Les touristes, on les aime ou on les déteste

vendredi, 30 juin 2017 19:29
Les touristes, on les aime ou on les déteste Crédits: DR

Les touristes sont connus pour leur volatilité ; et au moindre trouble, tel un essaim de criquets pèlerins, ils s’envolent vers d’autres cieux plus paisibles.

Les touristes, on les aime ou on les déteste

Dans certains pays, on attend désespérément des touristes qui se font désirer, et qui ont déserté des lieux de villégiature autrefois très prisés. Dans d’autres, les habitants redoutent les hordes de touristes déchaînés qui vont déferler dans leurs rues, ressentis comme une véritable invasion, qu’ils ont de plus en plus de peine à supporter.

Dans la première catégorie, on trouve par exemple la Tunisie, boudée par les touristes, depuis qu’un jeune homme de 23 ans, en tenue de vacancier, a débarqué le 26 juin 2015 sur une plage de la station balnéaire de Port El-Kantaoui, près de Sousse, sa kalachnikov dissimulée dans un parasol. Il avait ensuite froidement abattu les touristes étrangers allongés sur la plage au bord de la mer, puis lancé une grenade autour de la piscine. L’attaque s’est soldée par 39 morts, dont 30 ressortissants anglais, et une quarantaine de blessés.

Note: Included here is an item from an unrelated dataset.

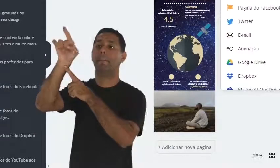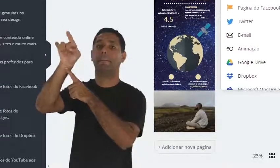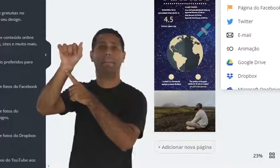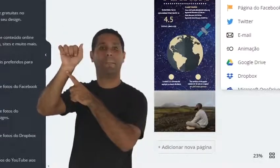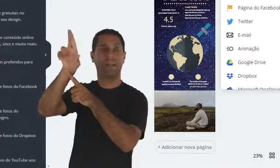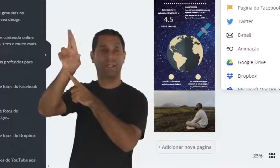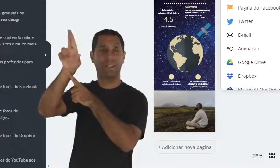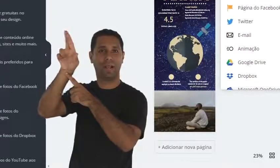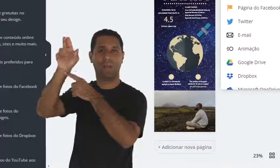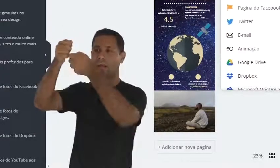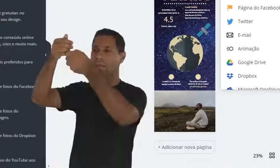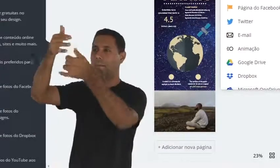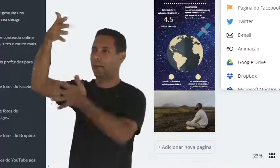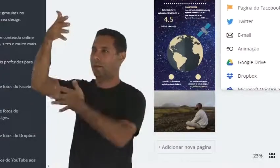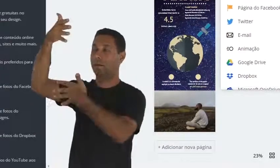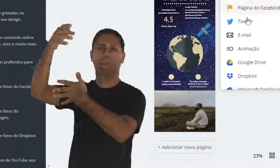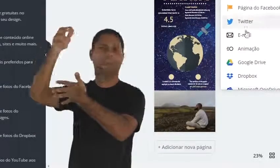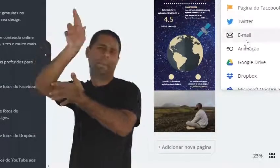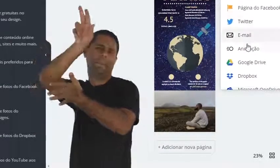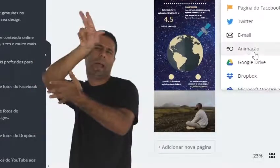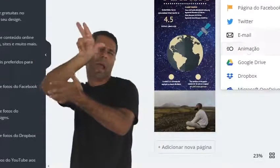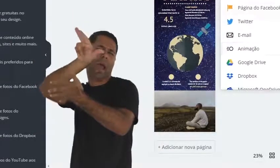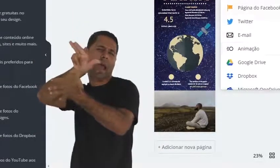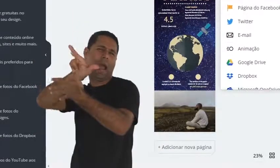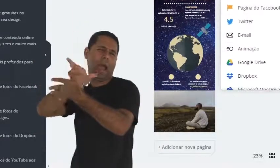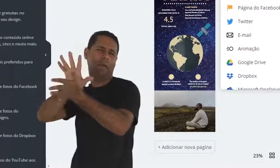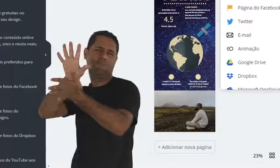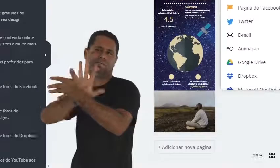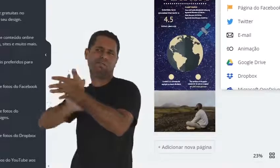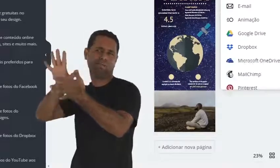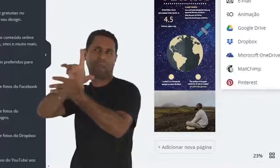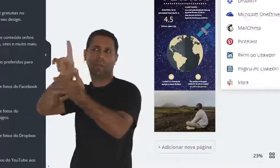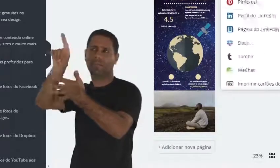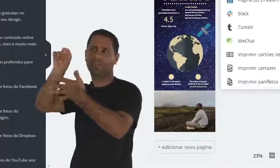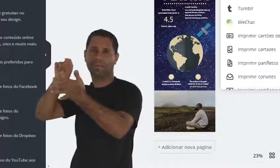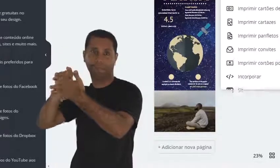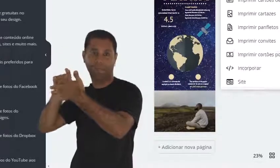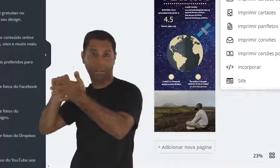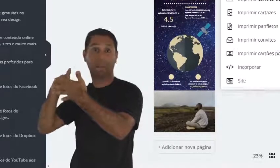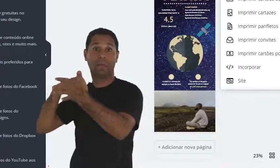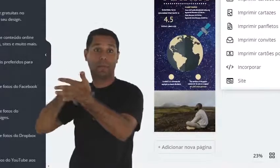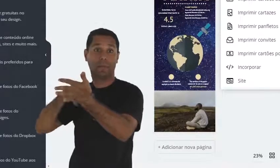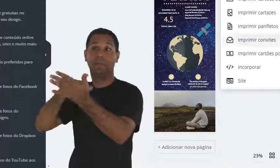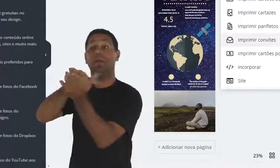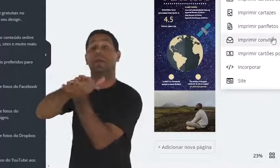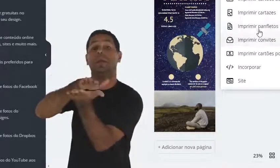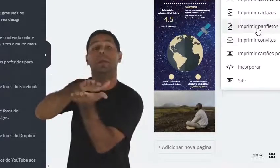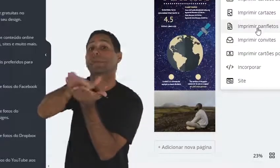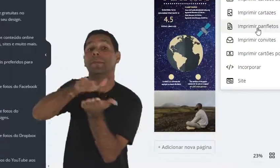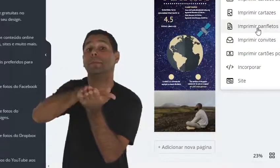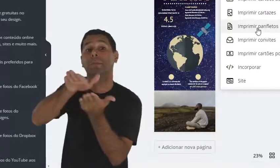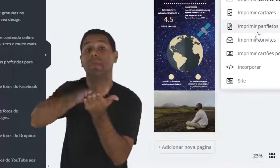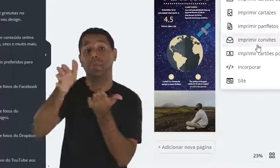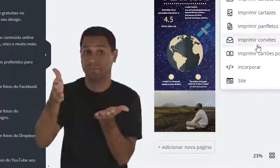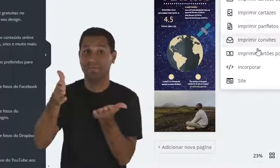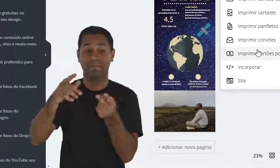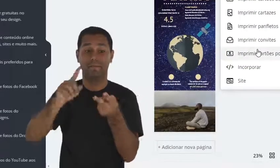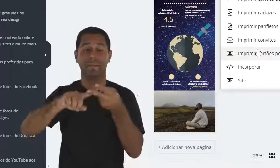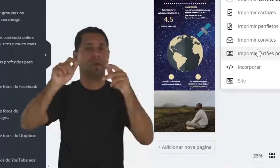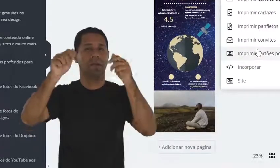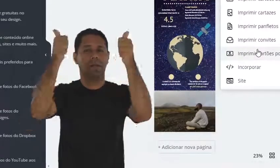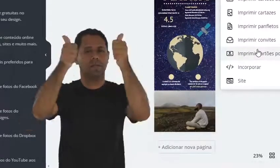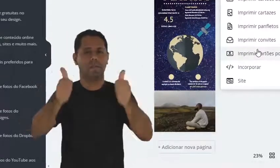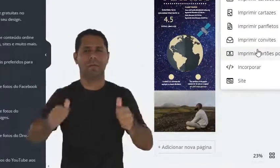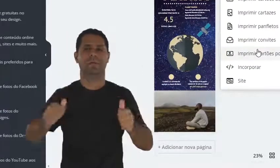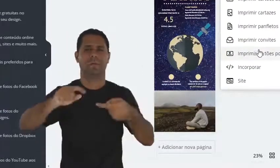em baixar. Clico nessa opção aqui. E existem várias formas de eu fazer isso. Então, eu já posso imprimir como
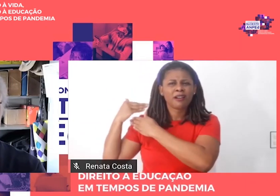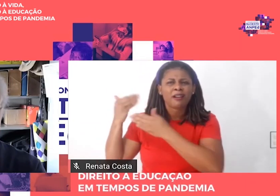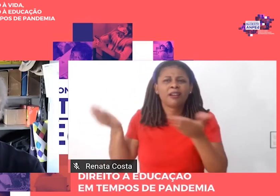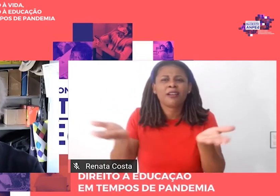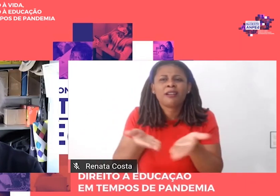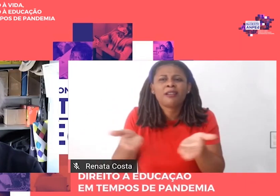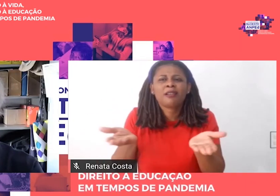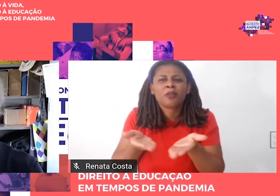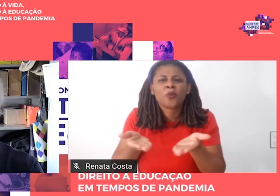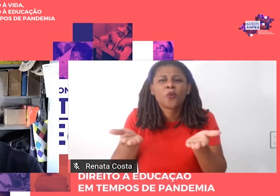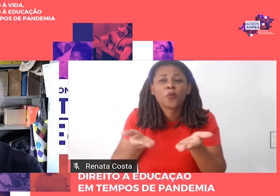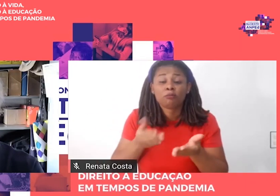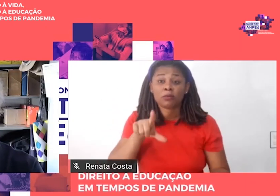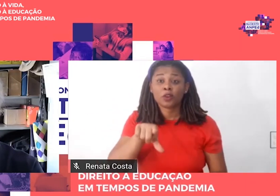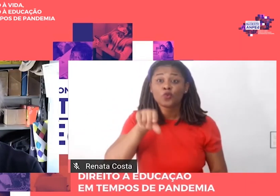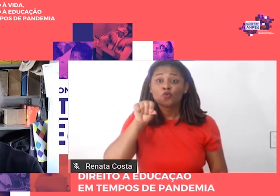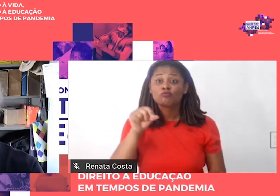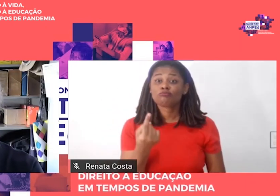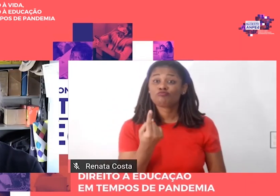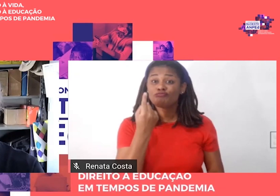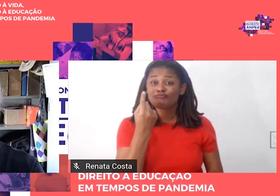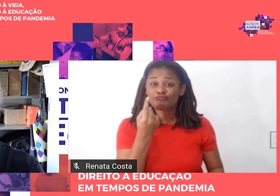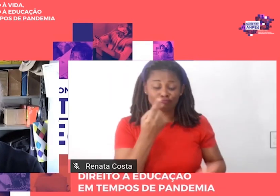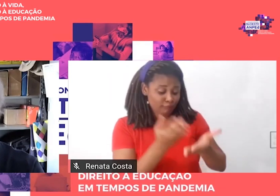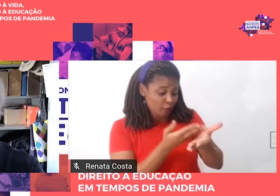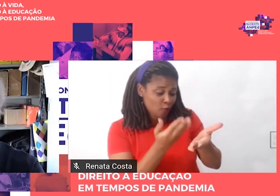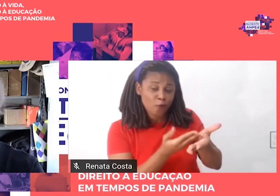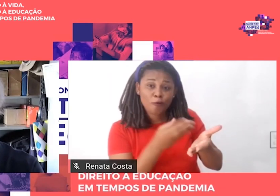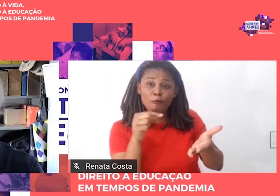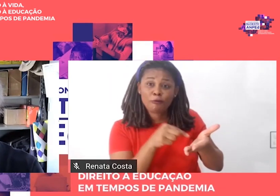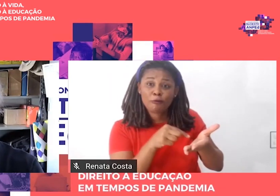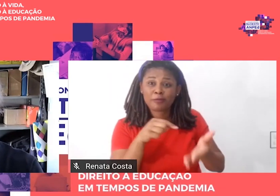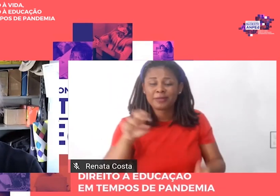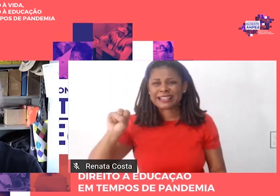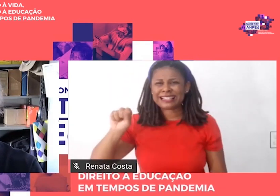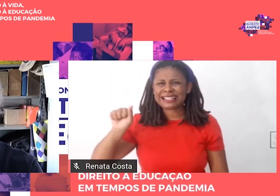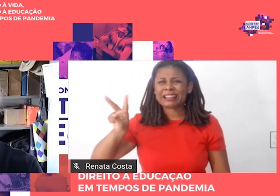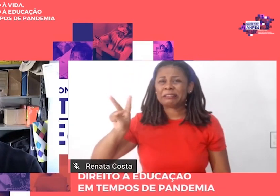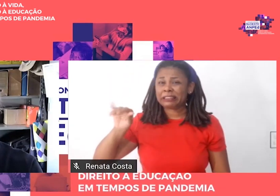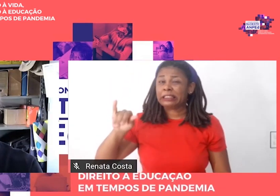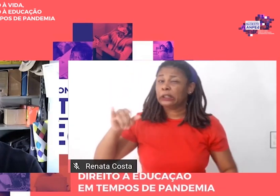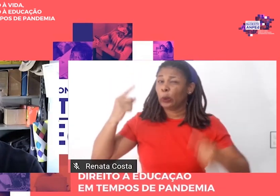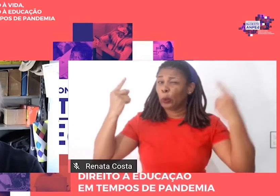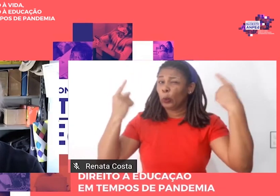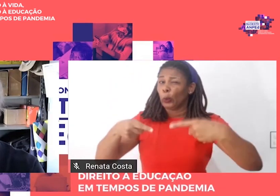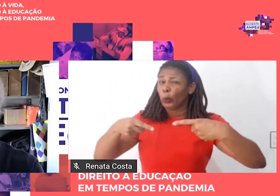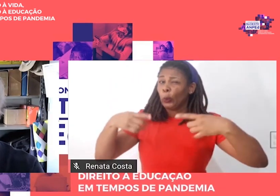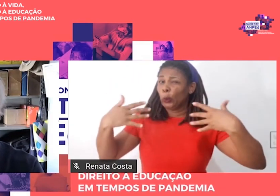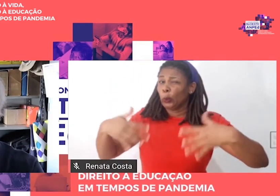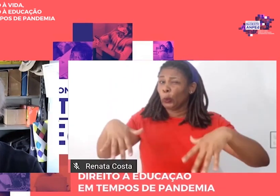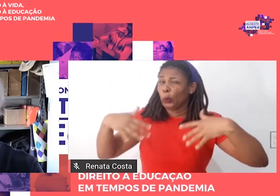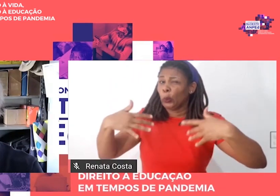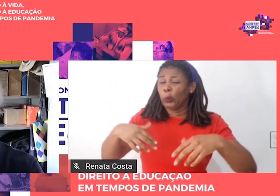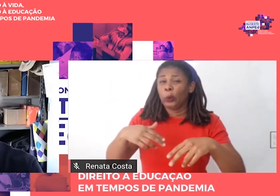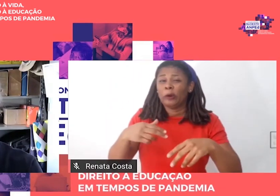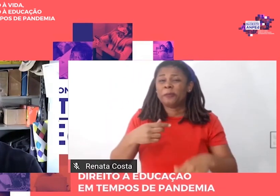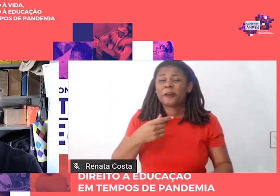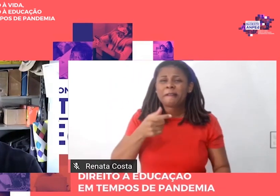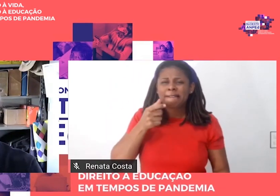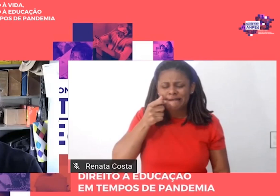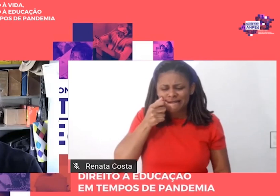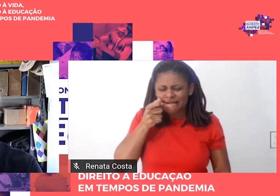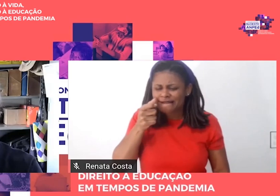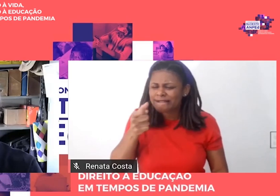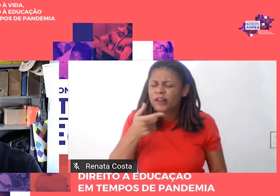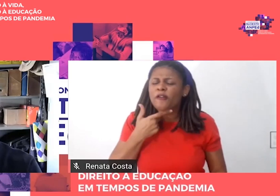uma obra de Demerwald Saviani é tarefa ingrata, devido à tentação irresistível de

Depuis lors, la Tunisie a beaucoup renforcé la sécurité des lieux touristiques, et plus aucune attaque revendiquée par l’État islamique n’a été signalée – contrairement à plusieurs pays européens (France, Belgique, Angleterre, Allemagne). Reste que depuis cette date, les touristes ne sont jamais revenus. Et des milliers de personnes ont perdu leur job. En 2010, plus de 4 millions d’Européens étaient venus profiter du soleil tunisien durant leurs vacances.

Après la « révolution » et les attentats « terroristes », leur nombre a diminué de près de 70%. Le chômage, la crise économique, fragilisent encore davantage la démocratie naissante de la Tunisie, seule réussite des « printemps arabes ». Et les jeunes, désœuvrés, sans perspectives, risquent de se tourner encore davantage vers Daesh.

Alors que la Tunisie, la Turquie ou l’Égypte sont désertées par des touristes craignant d’être pris pour cibles d’attentats, les pays du Sud de l’Europe, eux, croulent sous un flot ininterrompu qui met leurs nerfs à rude épreuve. Des habitants de Barcelone en Espagne sont par exemple descendus dans la rue pour dénoncer cette véritable invasion qui ne leur laisse aucun répit, de jour comme de nuit.

De nombreux jeunes du nord de l’Europe choisissent cette destination pour se défouler au soleil, et ces fêtards ivres qui hurlent sous leurs fenêtres au milieu de la nuit ont eu raison du sens de l’hospitalité des Barcelonais. Le maire de Barcelone lui-même a tiré la sonnette d’alarme : sa ville n’est plus en mesure d’absorber les millions de touristes qui déferlent à toutes les périodes de l’année.

Deux exemples peut-être extrêmes, mais qui ont le mérite de poser quelques questions pertinentes, à l’heure où le tourisme continue à être présenté comme la panacée pour le développement des pays, notamment en Afrique. Des études ont en effet montré que de miser sur le tourisme pour le développement d’un pays  peut se révéler être un calcul hasardeux.

Les touristes sont connus pour leur volatilité ; et au moindre trouble, tel un essaim de criquets pèlerins, ils s’envolent vers d’autres cieux plus paisibles. Que deviennent alors les investissements faramineux consacrés aux infrastructures, aux luxueux complexes hôteliers, destinées aux touristes étrangers ?

D’autres études ont également montré que les retombées financières de l’industrie du tourisme atterrissent surtout dans les poches des grandes groupes internationaux qui gèrent hôtels et transports, ne laissant souvent pas grand’chose au pays hôte, qu’il s’agisse des caisses de l’État ou de créations d’emplois dignes de ce nom pour la population.

En revanche, les effets pervers - tels que le tourisme sexuel par exemple, ou l’accaparement d’eau dans des régions qui en manquent - sont eux, bien réels. La question qui se pose est donc de savoir si plutôt que de tout mettre en œuvre pour attirer des touristes étrangers qui risquent de fuir à la première alerte sanitaire, politique, économique, terroriste, il ne vaudrait pas mieux investir pour les gens du pays, afin qu’ils vivent bien et soient à l’aise dans leur propre pays.